§ **PROBLEM DETAILS**
Extract, from the records beneath this instruction, each line that contains the word "given".
=== Section Start ===
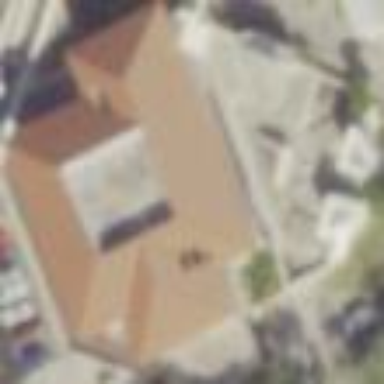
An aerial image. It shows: Hospital building.
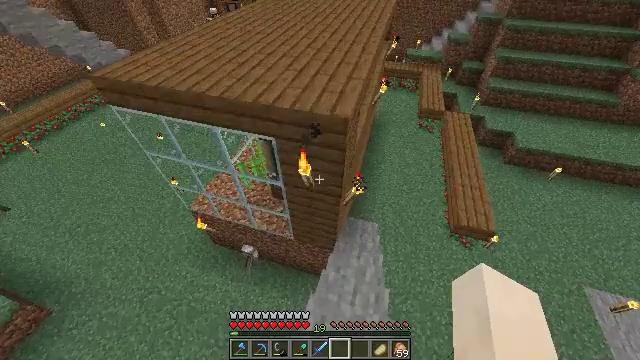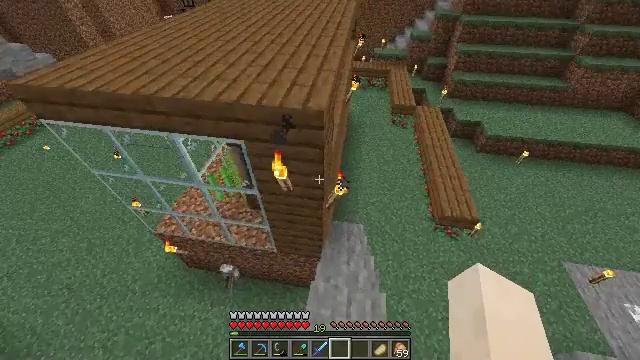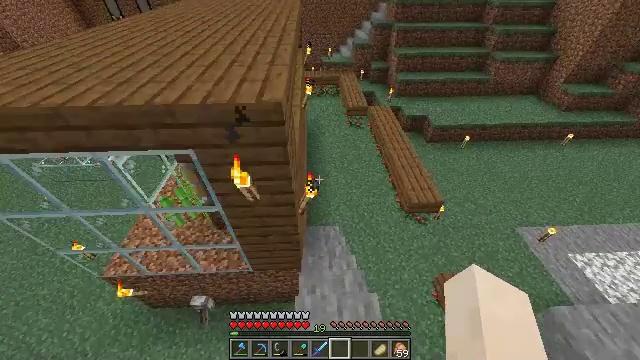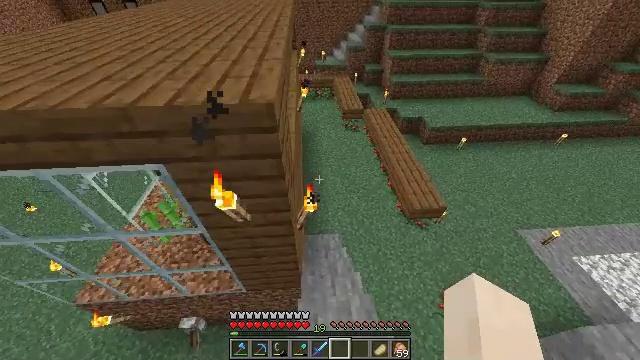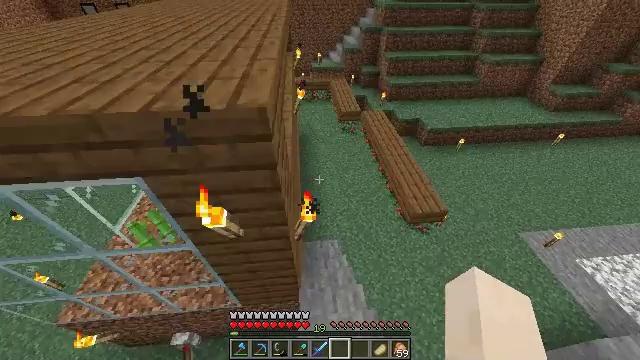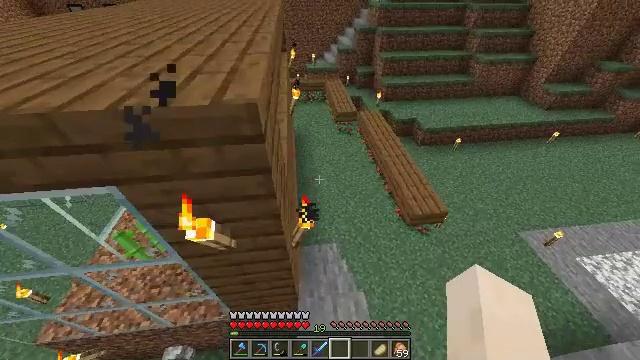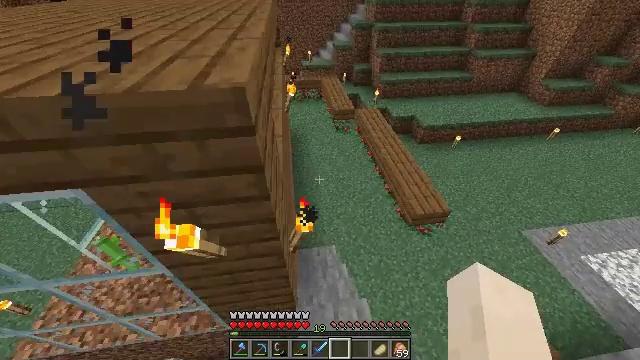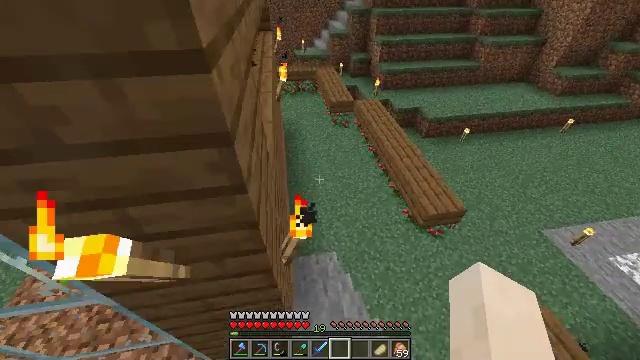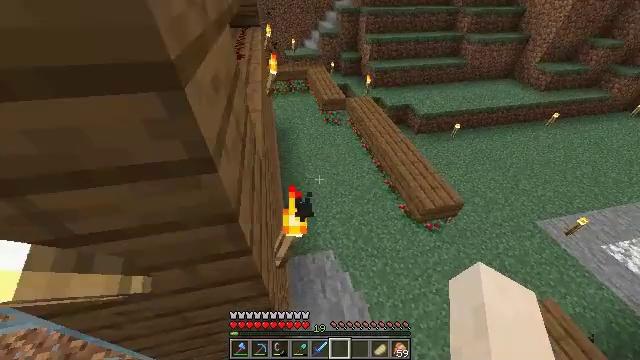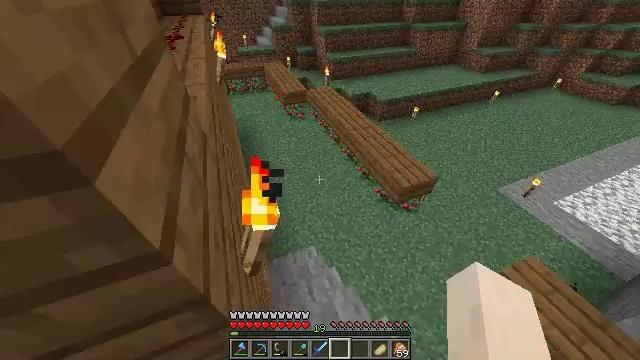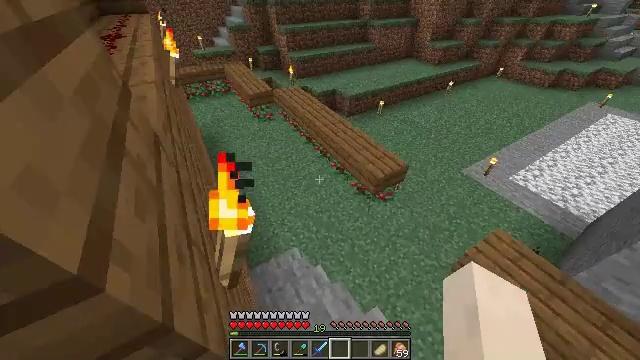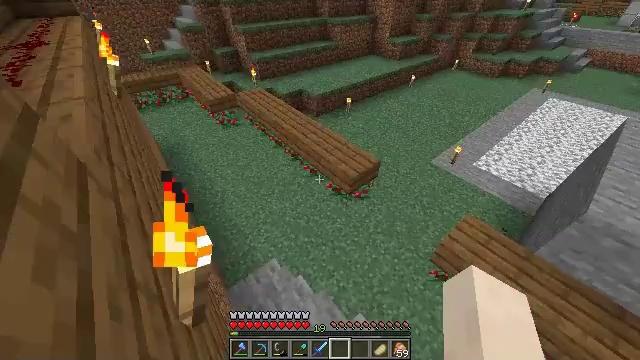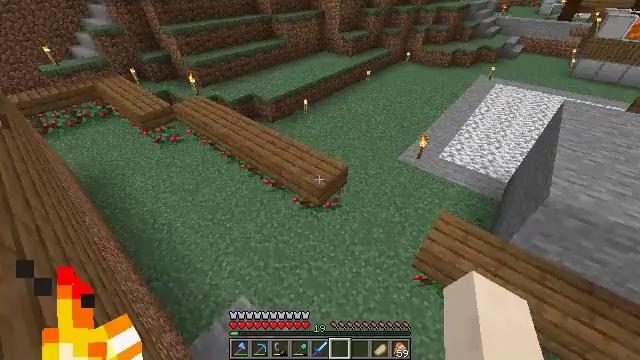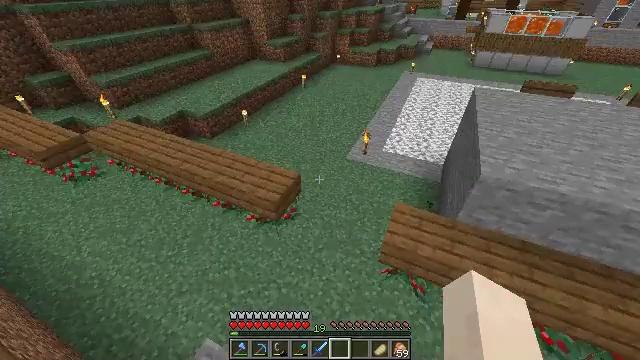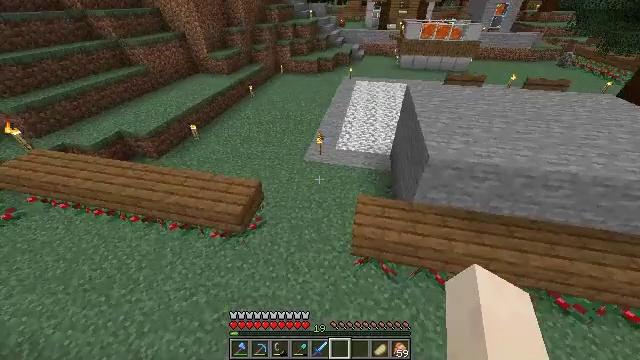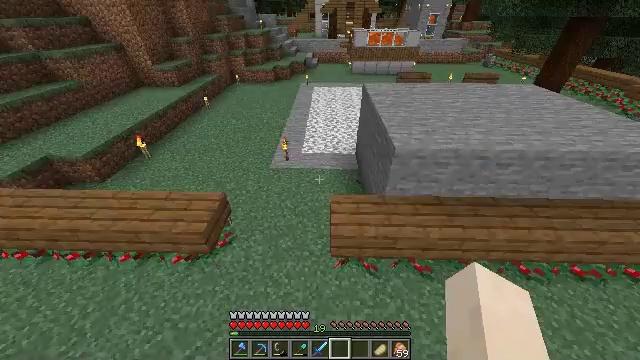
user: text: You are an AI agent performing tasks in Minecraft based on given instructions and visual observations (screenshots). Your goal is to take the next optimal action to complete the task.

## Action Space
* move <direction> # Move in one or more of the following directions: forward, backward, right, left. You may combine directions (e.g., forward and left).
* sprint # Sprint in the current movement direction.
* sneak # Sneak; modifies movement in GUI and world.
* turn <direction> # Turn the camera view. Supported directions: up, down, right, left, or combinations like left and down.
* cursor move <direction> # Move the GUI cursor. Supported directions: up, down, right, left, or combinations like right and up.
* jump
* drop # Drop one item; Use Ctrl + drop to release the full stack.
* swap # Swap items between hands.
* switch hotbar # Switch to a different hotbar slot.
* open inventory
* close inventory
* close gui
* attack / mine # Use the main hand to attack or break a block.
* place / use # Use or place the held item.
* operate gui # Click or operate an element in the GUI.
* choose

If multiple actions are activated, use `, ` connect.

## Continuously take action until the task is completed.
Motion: motion action
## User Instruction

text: Utilize the crafting table to make a smooth stone slab.
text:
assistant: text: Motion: move forward, sprint, turn right and up
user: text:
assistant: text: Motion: move forward, sprint, turn right and up
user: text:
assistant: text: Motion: move forward, sprint, turn right
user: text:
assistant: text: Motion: move forward, sprint, turn right
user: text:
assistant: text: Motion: move forward, sprint, turn right
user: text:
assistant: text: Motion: move forward, turn right
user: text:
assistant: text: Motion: move forward, turn right
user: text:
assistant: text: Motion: move forward, turn right
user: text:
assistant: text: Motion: move forward, turn right
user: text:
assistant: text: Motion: move forward, turn right
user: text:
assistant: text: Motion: move forward, turn right
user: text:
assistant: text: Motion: move forward, turn right and up
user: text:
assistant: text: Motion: move forward, turn right and up
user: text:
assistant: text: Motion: move forward, turn right
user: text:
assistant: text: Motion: move forward, turn right and up
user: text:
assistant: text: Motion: move forward, turn right and up
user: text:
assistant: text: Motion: move forward, turn up
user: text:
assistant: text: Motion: move forward, turn up
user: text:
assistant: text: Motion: move forward, turn left and up
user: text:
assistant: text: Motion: move forward, turn left and up
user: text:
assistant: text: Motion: move forward, turn left and up
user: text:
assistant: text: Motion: move forward, turn left
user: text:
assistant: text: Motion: move forward, turn left
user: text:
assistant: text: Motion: move forward, turn left and up
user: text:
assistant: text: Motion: move forward, turn left
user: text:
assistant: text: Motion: move forward
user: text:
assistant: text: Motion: move forward
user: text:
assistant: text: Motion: move forward
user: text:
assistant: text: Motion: move forward, sprint
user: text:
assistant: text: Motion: move forward, sprint, turn up
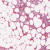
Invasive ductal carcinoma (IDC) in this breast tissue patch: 0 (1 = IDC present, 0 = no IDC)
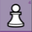
Piece: wP
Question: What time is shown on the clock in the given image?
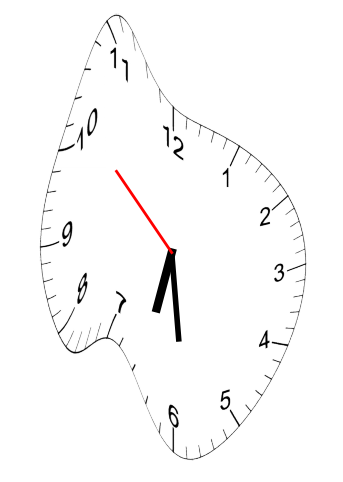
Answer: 06:28:52
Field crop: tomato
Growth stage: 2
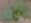
Species: solanum
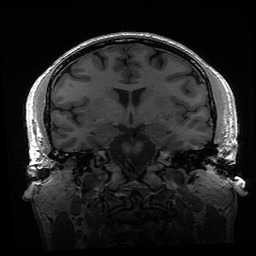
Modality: T1w
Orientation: coronal
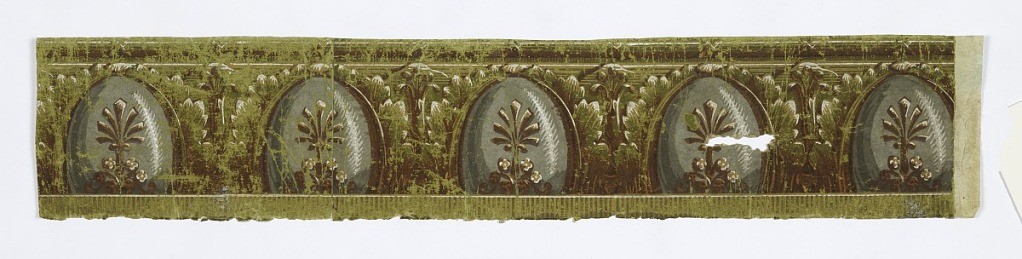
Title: Border
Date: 1810–35
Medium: Block-printed on handmade paper
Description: A row of egg-shaped forms, resting on truncated bottoms, outlined in foliage. Each egg contains highlights and a stylized foliate stem with flower and curl decorations at the base. Bottom edge has dentilling, and vestigial dentilling is under stripes of the top edging. Printed in chartreuse, brown, grey, tan, white.

H# 513
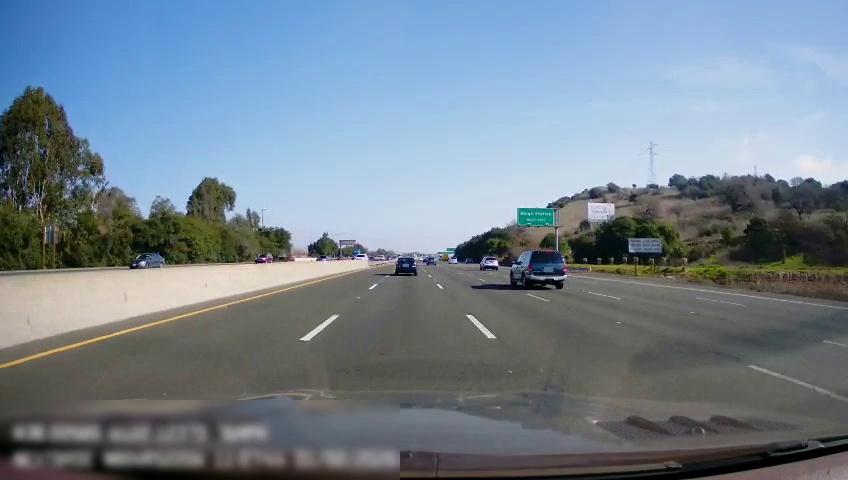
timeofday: Day
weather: Sunny
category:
=== Section End ===
§ **TASK ANSWER**
user: text: You are an AI agent performing tasks in Minecraft based on given instructions and visual observations (screenshots). Your goal is to take the next optimal action to complete the task.
Question: What time is shown on the clock in the given image?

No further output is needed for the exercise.